"Why the long face, sunshine?" I asked my wonderful and clever niece (Can you tell I'm a doting uncle?) as I wandered by the kitchen table on my way to the wonderful and food-filled refrigerator (Can you tell I need to lose weight?).
"I'm studying for my math test," she said, a frown only slightly marring her perfect 10-year-old features. "Would you help me?"
"Certainly, oh wondrous child," I said. "First, does your teacher have any children? And does she love them enough to give you a good grade if, for instance, they turned up missing and she received a ransom note demanding just that?"
My niece looked at me sadly. "Mama told me that you were a math moron, but I didn't believe it."
"And well you shouldn't," I said. "Ask her the last time her checkbook balanced. Here, watch this." I placed my checkbook on my thumb and balanced it, but when I looked up, my niece had left the room, apparently looking for someone who doesn't think sign and cosign are the math equivalent of Mr. and Mrs.
I have never been math-minded. All those numbers simply confuse the issue as far as I'm concerned. I have never done my own taxes and do not intend to start. I, however, can balance my checkbook, but only because I'm dealing with low numbers and almost anyone can subtract $5 from $12.
To be honest, I haven't used much math since high school. I can't even think of the last time someone wandered up to me at a party and said, "If person A was traveling toward person B at half the speed of B, how soon would they pass each other if they were 12 miles apart at the start and B was going at 40 miles per hour?" Actually, that has never happened, and if it ever did, I would be well within my rights to punch the asker in the mouth.
I know I shouldn't say things like that. I should encourage young people to stay in school by telling about how what I learned helped me. And I do think everyone should stay in school and avoid the real world as much as possible. It keeps them off the streets, and they're not competing to get my job. College is a particularly nice place to avoid reality. I'd be in college now if my parents hadn't ran out of money after my tenth year.
Truthfully, a lot of what you learn in school seems useless. Students are forced to memorize a lot of facts that their instructor thinks is important even though he may send flowers and little romantic notes to his spleen. Of course, the real importance of those facts is that you need to know them to pass his tests. You won't need them afterwards unless you end up on a game show.
And what strange facts they are. For instance, did you know the average man's large intestine would wrap around a common light bulb approximately 18 times? I remember quite clearly when a biology instructor shared that with my class. I also remember wondering who checked and why. It may have only been an example that my instructor thought would make the subject clear to us. Still, you have to wonder if he didn't eventually turn up on America's Most Wanted.
Another strange tidbit that has stuck with me is that the abbreviation of Tasmania is Tasm -- not that anyone ever explained who wrote enough about Tasmania to need an abbreviation.

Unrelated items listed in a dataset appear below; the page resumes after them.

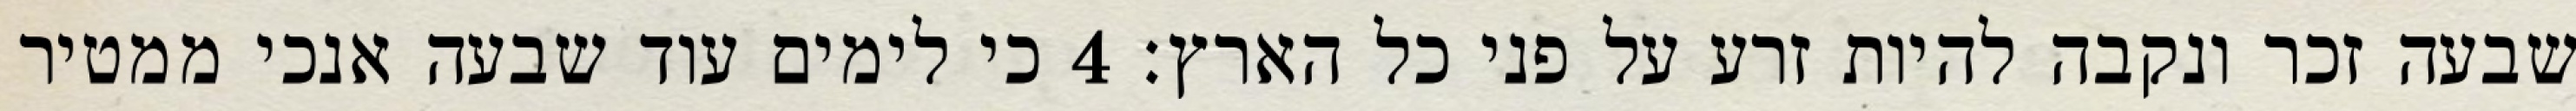
שבעה זכר ונקבה להיות זרע על פני כל הארץ׃ ‎4‏ כי לימים עוד שבעה אנכי ממטיר
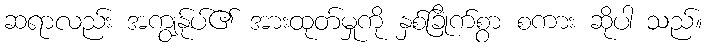
ဆရာလည်း အကျွန်ုပ်၏ အားထုတ်မှုကို နှစ်ခြိုက်စွာ စကား ဆိုပါ သည်။
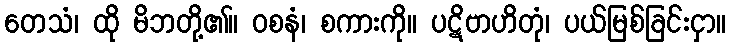
တေသံ၊ ထို မိဘတို့၏။ ဝစနံ၊ စကားကို။ ပဋိဗာဟိတုံ၊ ပယ်မြစ်ခြင်းငှာ။
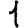
Digit: 1
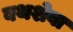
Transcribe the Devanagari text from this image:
बथशेबा
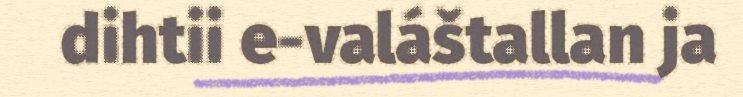
dihtii e-valáštallan ja
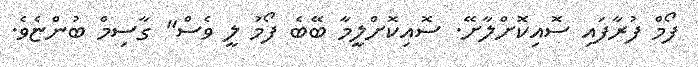
ފޯމް ފުރާފައި ސޮއިކޮށްލާށޭ. ސޮއިކޮށްލީމާ ބޭބެ ފޯމު ލީ ވެސް" ގާސިމް ބުންޏެވެ.
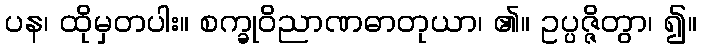
ပန၊ ထိုမှတပါး။ စက္ခုဝိညာဏဓာတုယာ၊ ၏။ ဥပ္ပဇ္ဇိတွာ၊ ၍။
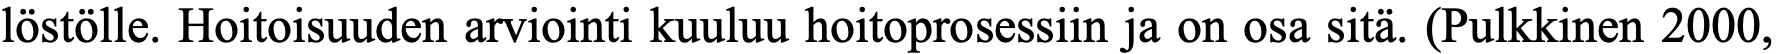
löstölle. Hoitoisuuden arviointi kuuluu hoitoprosessiin ja on osa sitä. (Pulkkinen 2000,
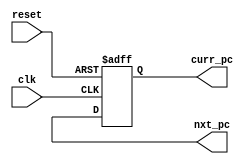
module PC(curr_pc,
         nxt_pc,
         clk,
         reset);

    //define inputs and outputs
    output reg [31:0] curr_pc;
    output wire [31:0] nxt_pc;
    input clk;
    input reset;

    always @(posedge clk or negedge reset) begin
        if (!reset) begin
            curr_pc <= 32'd0; // Reset
        end
        else begin
            curr_pc <= nxt_pc; // Come from Mux_PC
        end
    end


endmodule
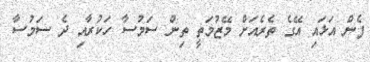
ފެން އަޅައި އޭގެ ތެރެއަށް މޭޒުމަތީ ތިން ސަމުސާ ހަކުރާއި ދެ ސަމުސާ
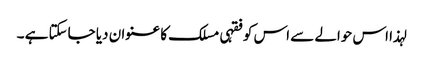
لہذا اس حوالے سے اس کو فقہی مسلک کا عنوان دیا جاسکتا ہے ۔
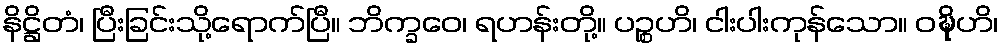
နိဋ္ဌိတံ၊ ပြီးခြင်းသို့ရောက်ပြီ။ ဘိက္ခဝေ၊ ရဟန်းတို့။ ပဉ္စဟိ၊ ငါးပါးကုန်သော။ ဝဍ္ဎိဟိ၊
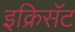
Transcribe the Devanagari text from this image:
इक्रिसॅट
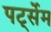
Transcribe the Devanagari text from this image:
पर्ट्सेम
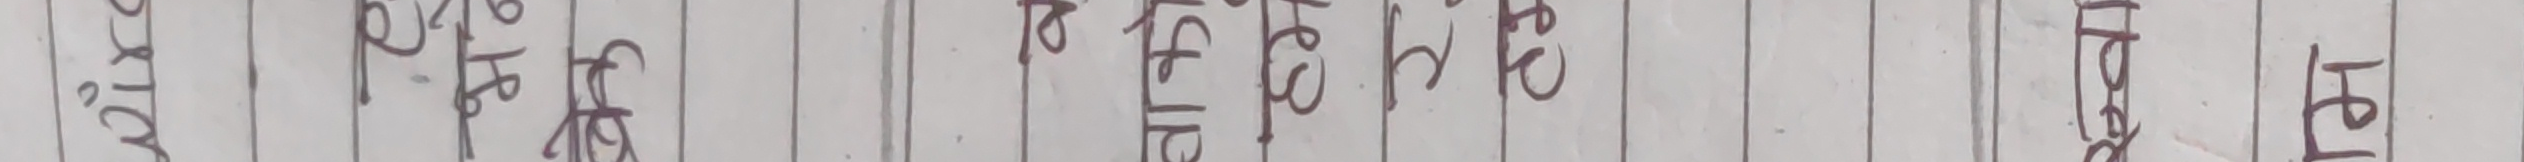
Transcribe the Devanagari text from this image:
शरीर मेरो मना के छ काम अघि चाहिं यसले हुन्छ यस्तै भन्ने हाम्रो
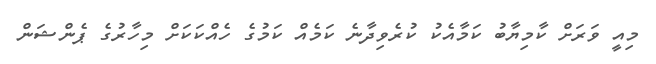
މިއީ ވަރަށް ކާމިޔާބު ކަމާއެކު ކުރެވިދާނެ ކަމެއް ކަމުގެ ހެއްކަކަށް މިހާރުގެ ޕެންޝަން
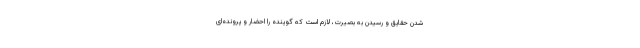
شدن حقایق و رسیدن به بصیرت، لازم است که گوینده را احضار و پرونده‌ای
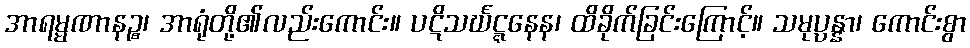
အာရမ္မဏာနဉ္စ၊ အာရုံတို့၏လည်းကောင်း။ ပဋိသင်္ဃဋ္ဋနေန၊ ထိခိုက်ခြင်းကြောင့်။ သမုပ္ပန္နာ၊ ကောင်းစွာ
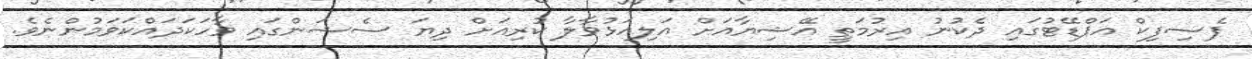
ޕެސިފިކް އަޕްޑޭޓުގައި ދެކުނު އިރުމަތީ އޭޝިޔާއަށް އަލިއަޅުވާލާ ކުރިއަށް ދިޔަ ސެޝަންގައި ވާހަކަދައްކަވަމުންނެވެ.
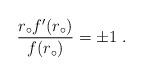
LaTeX: \begin{align*} \frac{r_\circ f^\prime (r_\circ)}{f(r_\circ)} = \pm 1 \ .\end{align*}
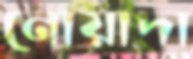
নোয়াদা
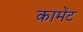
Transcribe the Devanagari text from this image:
कामेंट
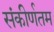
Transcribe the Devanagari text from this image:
संकीर्णतम
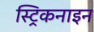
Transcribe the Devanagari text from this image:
स्ट्रिकनाइन
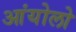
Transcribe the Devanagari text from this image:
आंयोलो
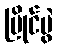
ပြိုင်ပွဲ
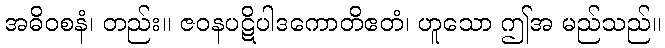
အဓိဝစနံ၊ တည်း။ ဇဝနပဋိပါဒကောတိဧတံ၊ ဟူသော ဤအ မည်သည်။
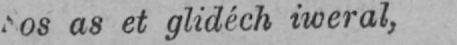
as et glidéch iweral,
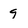
Character: q
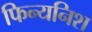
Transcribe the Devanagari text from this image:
फिन्यनिश
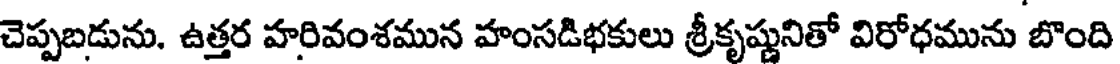
చెప్పబడును. ఉత్తర హరివంశమున హంసడిభకులు శ్రీకృష్ణునితో విరోధమును బొంది
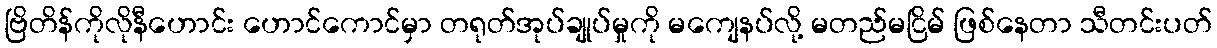
ဗြိတိန်ကိုလိုနီဟောင်း ဟောင်ကောင်မှာ တရုတ်အုပ်ချုပ်မှုကို မကျေနပ်လို့ မတည်မငြိမ် ဖြစ်နေတာ သီတင်းပတ်
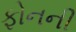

And did you know that a blatherskite is a talkative, foolish person? Or that a gnu is a large African antelope with an oxlike head? Or that a kohlrabi is a garden vegetable, similar to a cabbage? Why would I remember these things when I have trouble remembering my social security number and where I parked my car? An even more important question is why my teachers would think it was important to share those facts with me. Other than now, I've never used any of them since school.
As for tests, surely the educational establishment can find another way to grade students, some better method to evaluate their knowledge of a subject without subjecting them to such intense pressure and discomfort. Perhaps the instructor could personally interview each student. That would allow every pupil the perfect opportunity to offer a bribe. I myself have always liked the blanket 'A' idea. (Naturally you have to be careful where you place the blanket. Otherwise, people will see and maybe call the police.)
Still, I know my teachers tried their best. They may have been hampered by what they had to work with. I guess tests are a small price to pay for avoiding reality -- yeah, and blood is just another liquid. I also know school and college enriched and my life by providing me with exposure to masterpieces of art and literature and earthshaking theories from the sciences.
But as for math, count me among the unnumbered.
Copyright 2006. All rights reserved.
9 comments:
LOL My son is going to love this one. :)
The number of times the large intestine wraps around a light bulb depends on the diameter of the light bulb. For instance, if the bilb is 13 cm across, the intestine wraps around it more times than the bulb that is 26 cm in diameter. And depending on how long the intestine is, ine may have ti find a larget lightbulb as that circular glass and the intestine both can be very slippery. Unless, of course the intestine us allowed to dry out completely befor attempting the experiment, but then it becomes rather leathery and hard to work with. But I'm becoming a blatherskite.
goodbye.
I'm glad you enjoyed it, Crystal, but sorry if it conflicts with your home schooling goals! :)
Math truly is a THING, FF. One with slimly tentacles ... :)
Mark ... you're creeping me out ... :)
This was really funny! But I do like math. Or at least it's never been that hard for me.
LOL!
"A blatherskite is a talkative, foolish person." Sounds like Congress to me!
Thanks Gloria! If you're good with math, maybe you can do my taxes!